> Provided records:
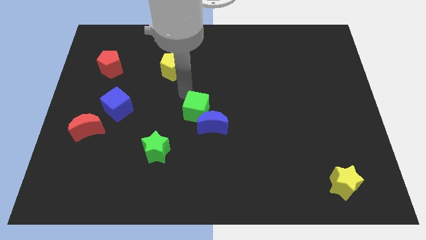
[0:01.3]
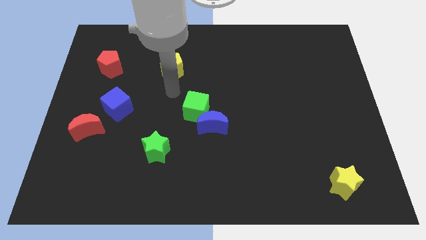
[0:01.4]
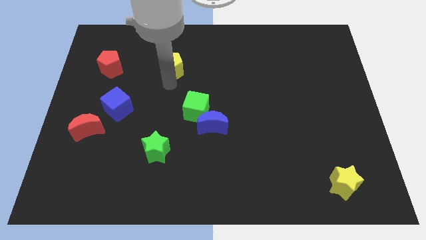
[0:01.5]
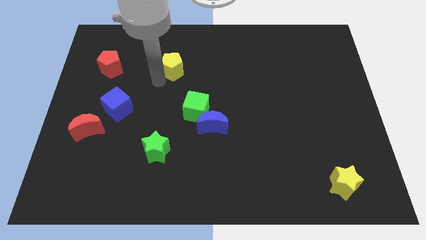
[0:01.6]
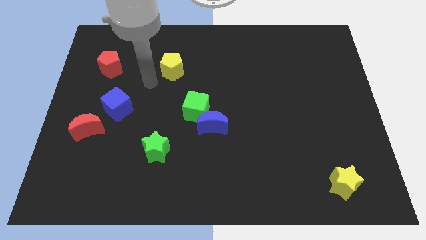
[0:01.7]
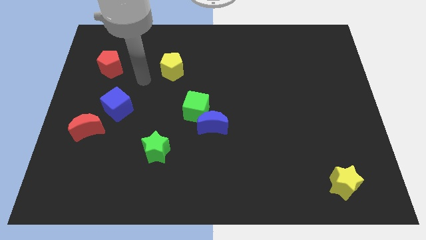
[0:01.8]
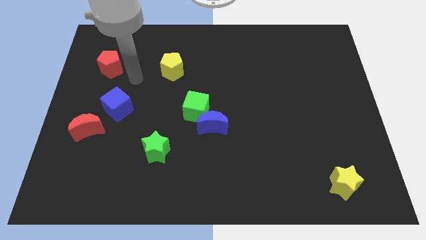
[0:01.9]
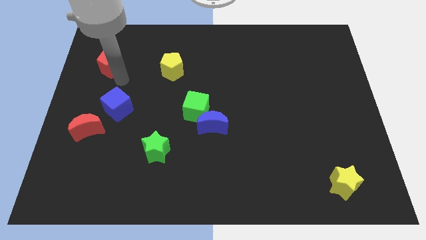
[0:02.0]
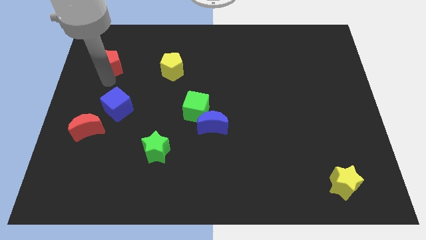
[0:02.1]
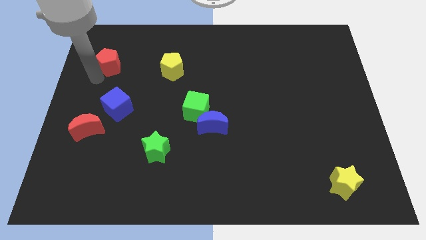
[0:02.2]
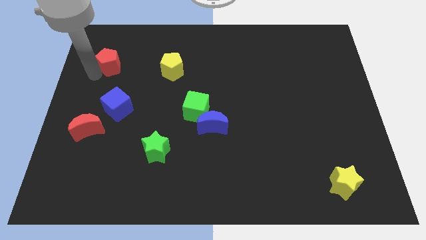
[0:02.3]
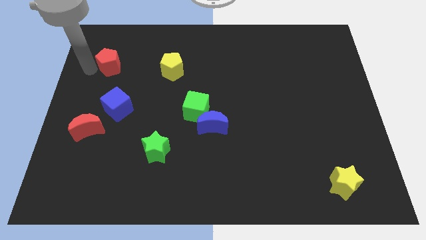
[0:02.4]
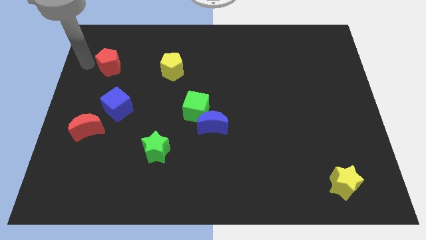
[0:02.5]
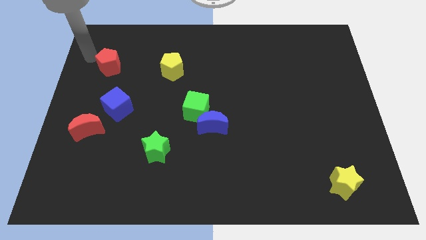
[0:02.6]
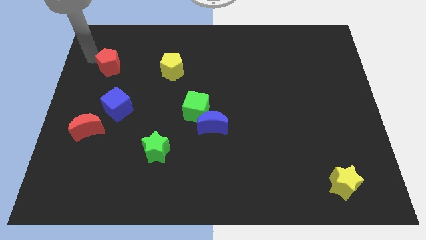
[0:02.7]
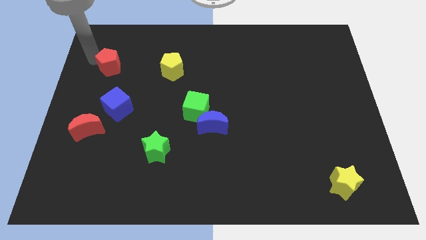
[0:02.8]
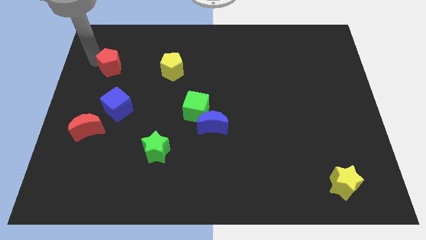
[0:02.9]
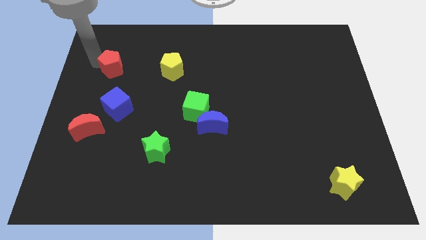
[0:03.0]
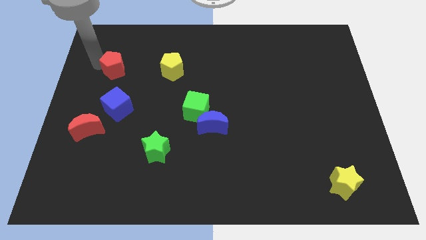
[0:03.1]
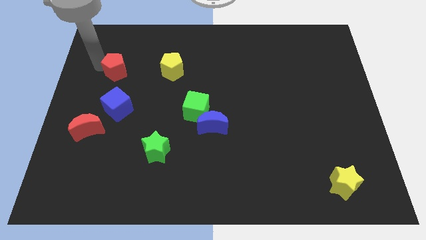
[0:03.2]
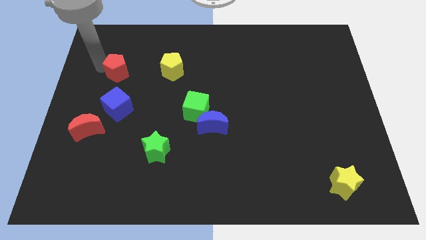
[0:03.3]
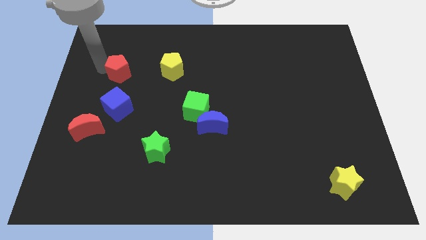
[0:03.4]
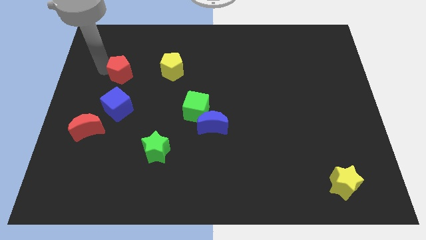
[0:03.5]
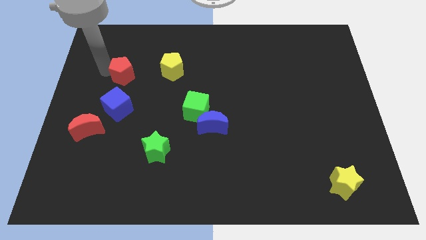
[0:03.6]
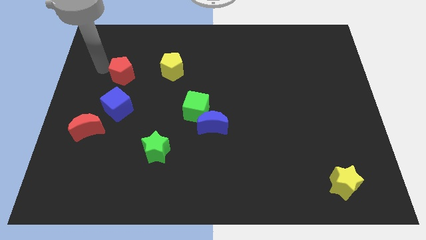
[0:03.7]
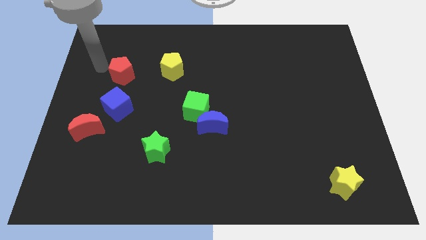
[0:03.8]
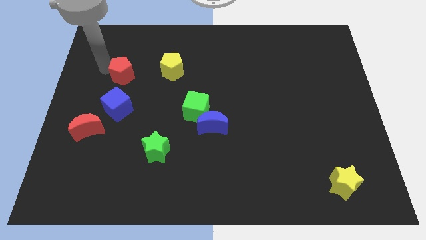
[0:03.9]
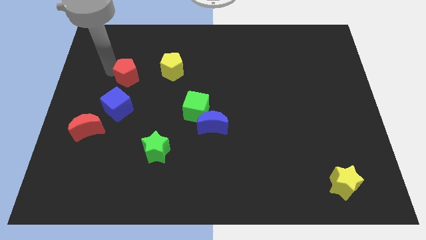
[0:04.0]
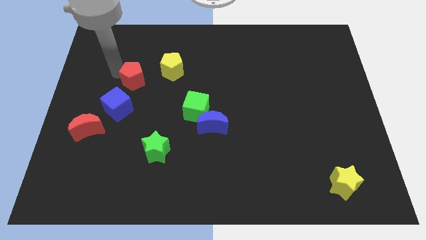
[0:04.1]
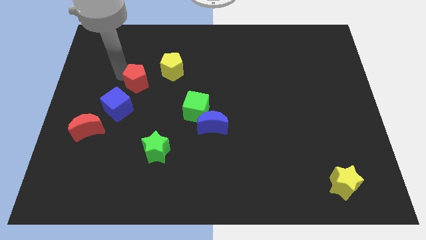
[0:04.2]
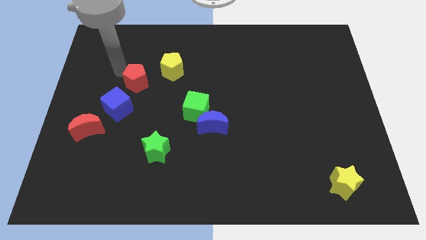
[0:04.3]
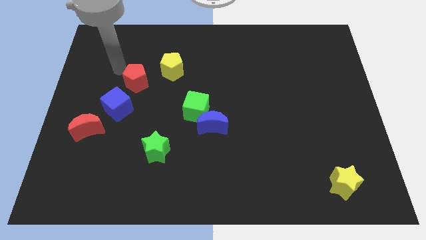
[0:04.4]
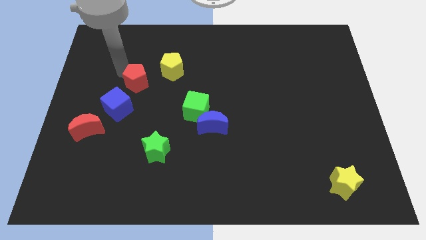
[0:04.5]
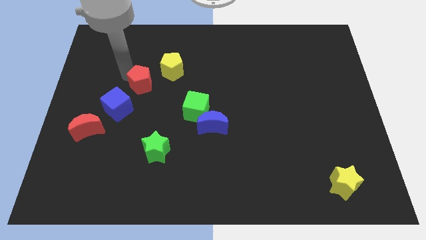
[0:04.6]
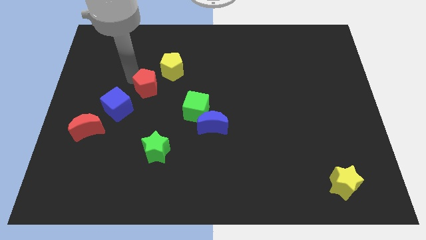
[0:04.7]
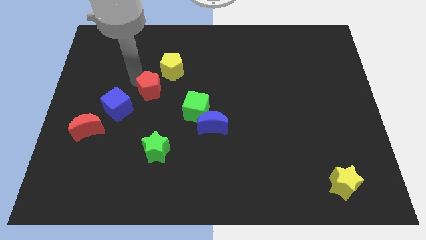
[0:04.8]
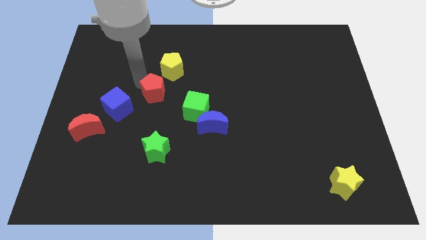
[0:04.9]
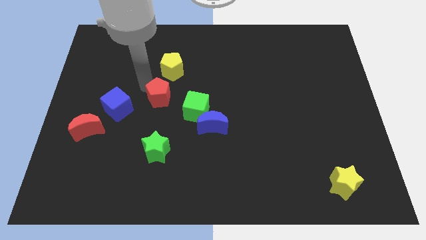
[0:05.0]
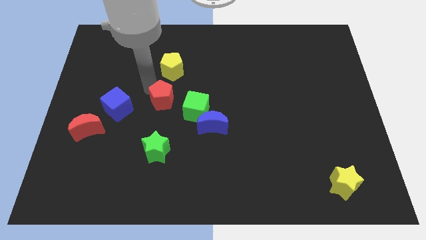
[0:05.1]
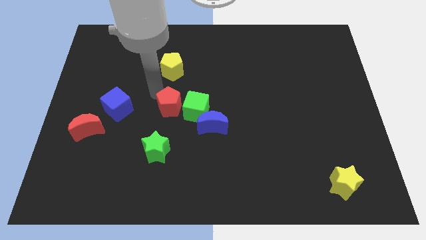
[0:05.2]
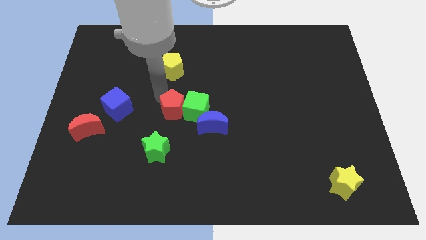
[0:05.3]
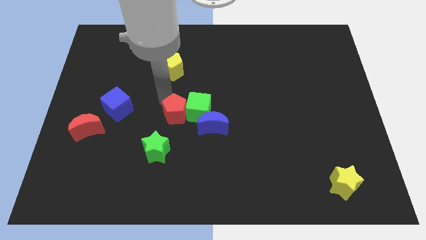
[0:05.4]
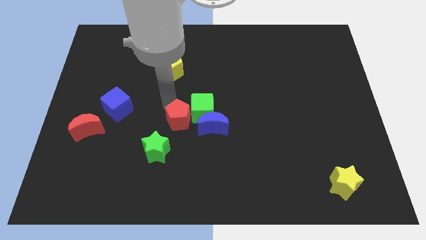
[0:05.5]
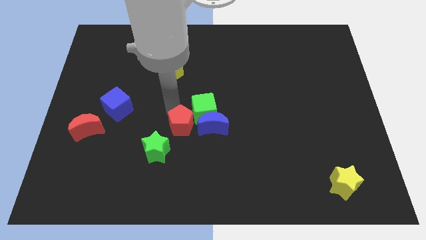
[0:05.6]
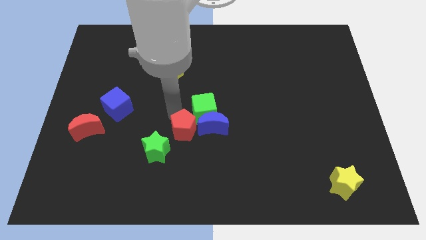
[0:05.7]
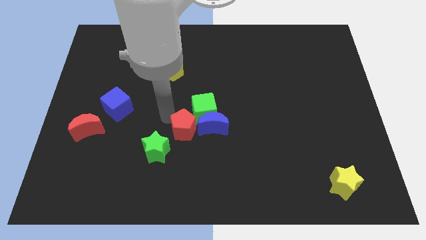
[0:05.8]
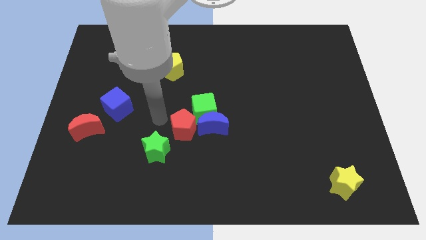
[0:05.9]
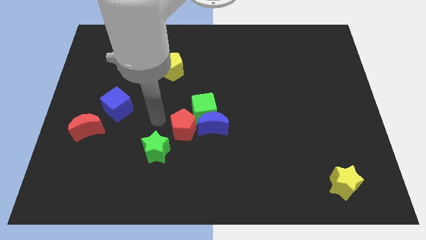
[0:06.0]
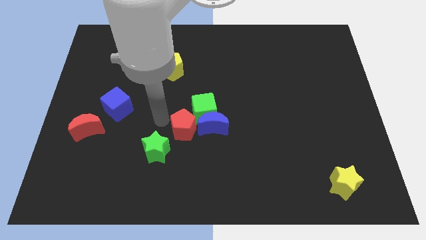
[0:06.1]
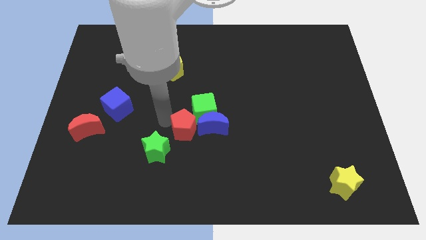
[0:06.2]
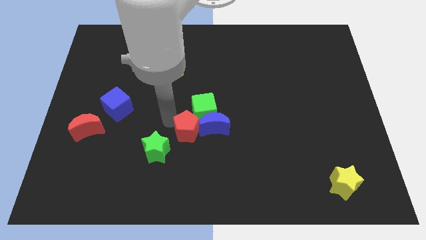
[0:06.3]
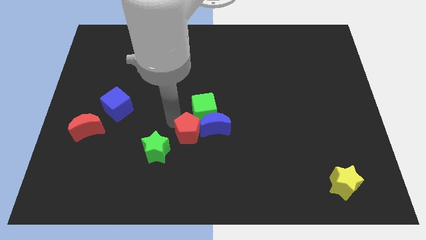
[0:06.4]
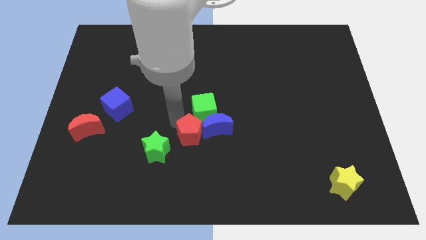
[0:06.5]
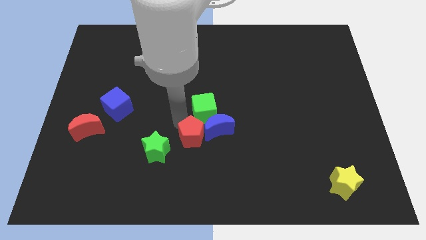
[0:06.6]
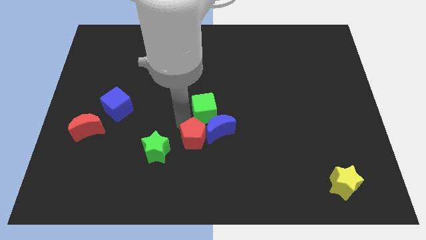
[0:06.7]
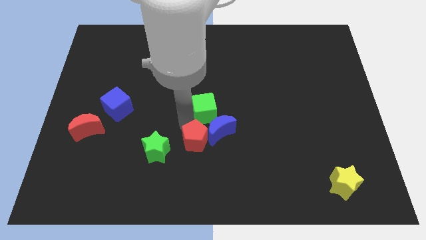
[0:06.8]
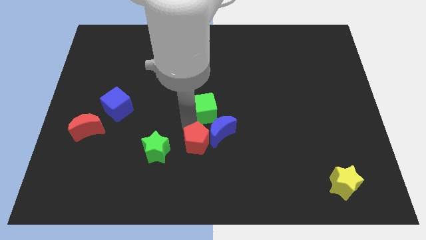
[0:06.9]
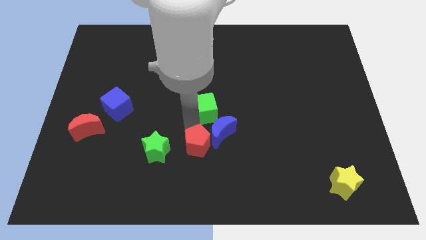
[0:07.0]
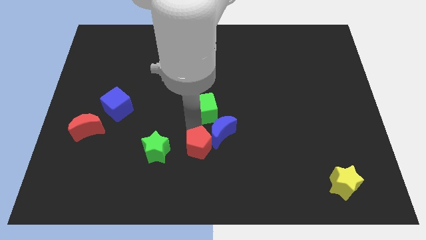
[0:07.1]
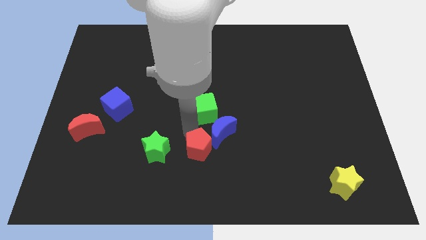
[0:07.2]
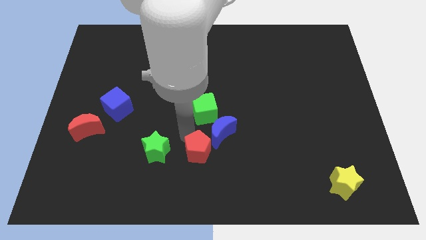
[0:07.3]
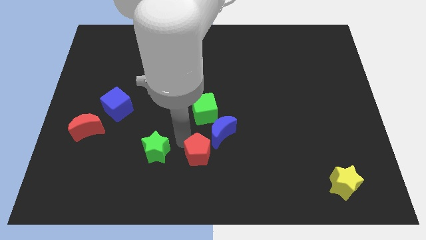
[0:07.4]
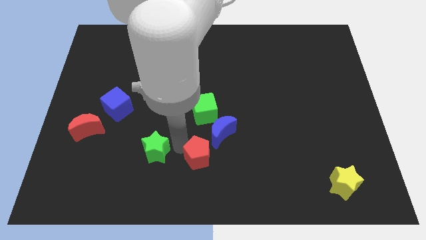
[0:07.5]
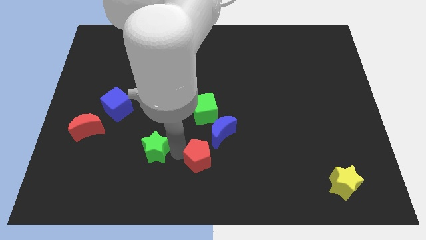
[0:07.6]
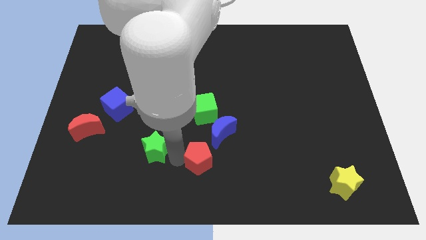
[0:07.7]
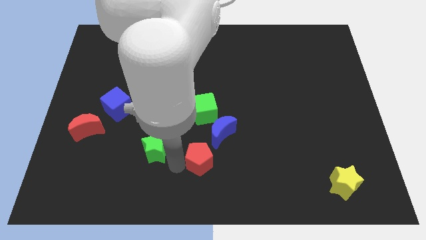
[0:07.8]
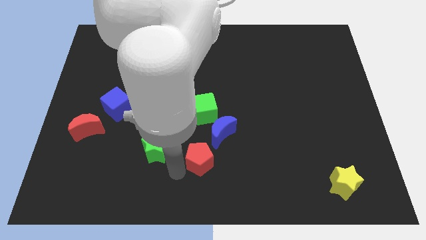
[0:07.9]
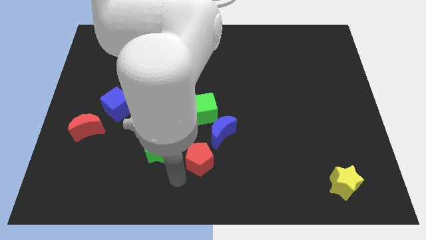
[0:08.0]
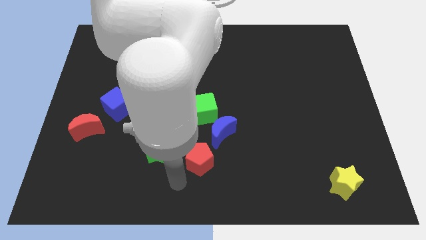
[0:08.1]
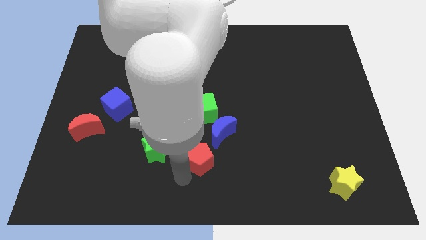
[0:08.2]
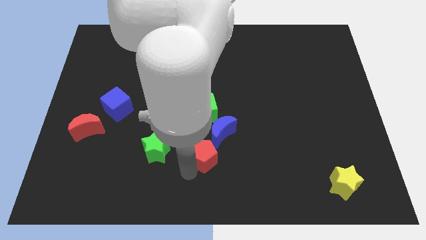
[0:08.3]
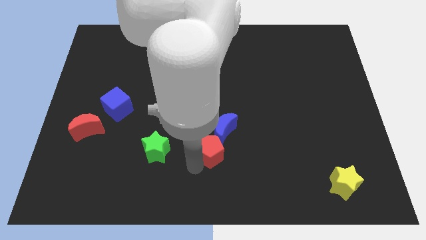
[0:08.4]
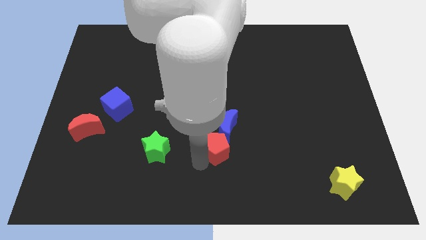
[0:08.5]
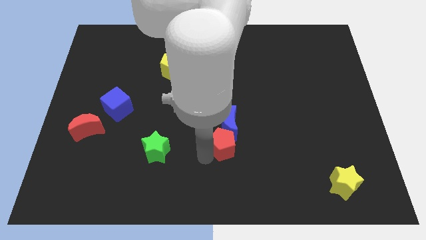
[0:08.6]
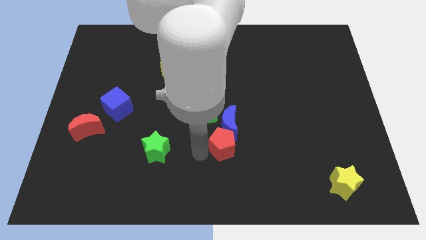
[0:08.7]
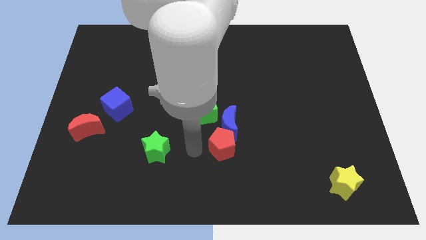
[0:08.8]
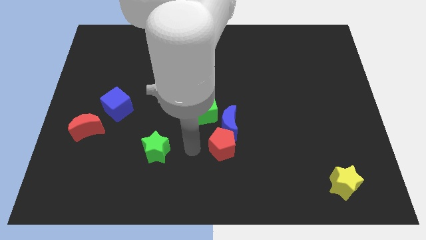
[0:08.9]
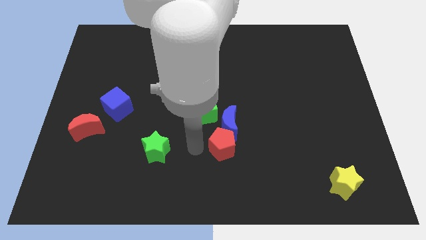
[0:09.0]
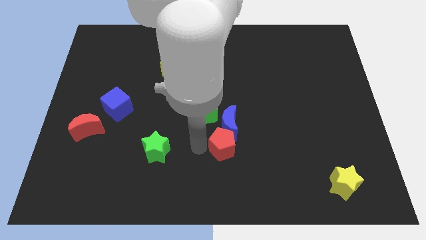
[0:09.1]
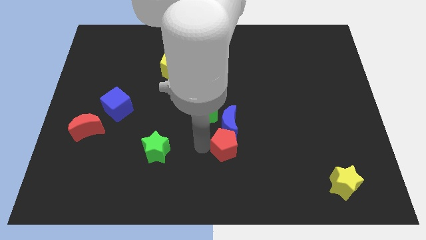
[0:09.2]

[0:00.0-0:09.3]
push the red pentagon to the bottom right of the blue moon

> Task:
Print the data exactly as written, dropping any images it holds.

> Expected answer:
[0:01.3]
[0:01.4]
[0:01.5]
[0:01.6]
[0:01.7]
[0:01.8]
[0:01.9]
[0:02.0]
[0:02.1]
[0:02.2]
[0:02.3]
[0:02.4]
[0:02.5]
[0:02.6]
[0:02.7]
[0:02.8]
[0:02.9]
[0:03.0]
[0:03.1]
[0:03.2]
[0:03.3]
[0:03.4]
[0:03.5]
[0:03.6]
[0:03.7]
[0:03.8]
[0:03.9]
[0:04.0]
[0:04.1]
[0:04.2]
[0:04.3]
[0:04.4]
[0:04.5]
[0:04.6]
[0:04.7]
[0:04.8]
[0:04.9]
[0:05.0]
[0:05.1]
[0:05.2]
[0:05.3]
[0:05.4]
[0:05.5]
[0:05.6]
[0:05.7]
[0:05.8]
[0:05.9]
[0:06.0]
[0:06.1]
[0:06.2]
[0:06.3]
[0:06.4]
[0:06.5]
[0:06.6]
[0:06.7]
[0:06.8]
[0:06.9]
[0:07.0]
[0:07.1]
[0:07.2]
[0:07.3]
[0:07.4]
[0:07.5]
[0:07.6]
[0:07.7]
[0:07.8]
[0:07.9]
[0:08.0]
[0:08.1]
[0:08.2]
[0:08.3]
[0:08.4]
[0:08.5]
[0:08.6]
[0:08.7]
[0:08.8]
[0:08.9]
[0:09.0]
[0:09.1]
[0:09.2]

[0:00.0-0:09.3]
push the red pentagon to the bottom right of the blue moon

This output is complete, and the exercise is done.